On August 25, 2023, the National Labor Relations Board (NLRB) issued a decision that significantly narrows employers’ options in contesting union organizing efforts through secret ballot elections. The case, Cemex Construction Materials Pacific, LLC, reverses the NLRB’s 1971 Linden Lumber decision, which gave employers the right to decline to recognize a union based on authorization cards alone and instead insist on an NLRB-supervised, secret ballot election. Employers will need to rewrite their playbooks for responding to organizing campaigns.
Union organizing efforts will often begin, from an employer’s point of view, with a union asserting to an employer that a majority of employees in a proposed bargaining unit have signed authorization cards authorizing the union to represent them. Since 1971, however, employers have not been obligated to recognize a union on the basis of authorization cards alone. Instead, employers could insist that employee preferences be tested through a secret ballot election.

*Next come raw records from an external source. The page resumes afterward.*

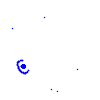
Particle: electron
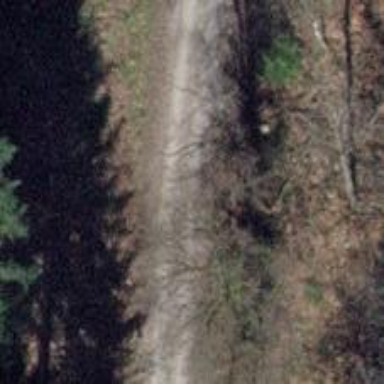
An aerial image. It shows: Track with pebblestone surface graded as grade3.
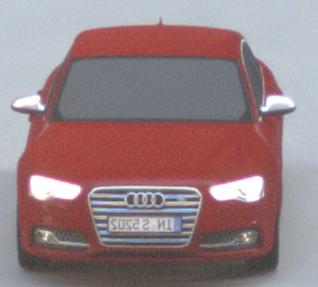
Make: Audi
Model: S5
Detailed model: F5
Model produced from: 2016
Model produced until: 2019
Doors: 2
Color: red
Road condition: dry road
Daytime: morning or afternoon
Contrast: medium contrast

Under this long-established paradigm, unions that lost elections often proceeded to challenge the results by asserting that the employer committed unfair labor practices that tainted the outcome of the election. The NLRB took a flexible approach to remediating an assertedly tainted election: In cases where it found “severe and pervasive” unfair labor practices, it might issue a bargaining order, under which the employer would be required to recognize the union; but in other cases, it might simply order a second, re-run election.
After the August 25, 2023 decision, however, this will change. An employer presented with authorization cards may still request an election, but only by “promptly” filing its own petition for an election (usually within two weeks of a demand for recognition). Perhaps more significantly, if an employer then wins the election but is found to have committed any unfair labor practice requiring that the election be set aside, the NLRB will issue a bargaining order. An employer will not have the chance to win a second election; it will automatically have to recognize the union. Notably, the decision applies retroactively and impacts pending cases currently under review.
In light of these changes, it will be incumbent on employers to be prepared to respond to an organizing campaign promptly and carefully. The NLRB’s decision has transformed the playing field when it comes to union organizing campaigns, and employers will need to adjust accordingly.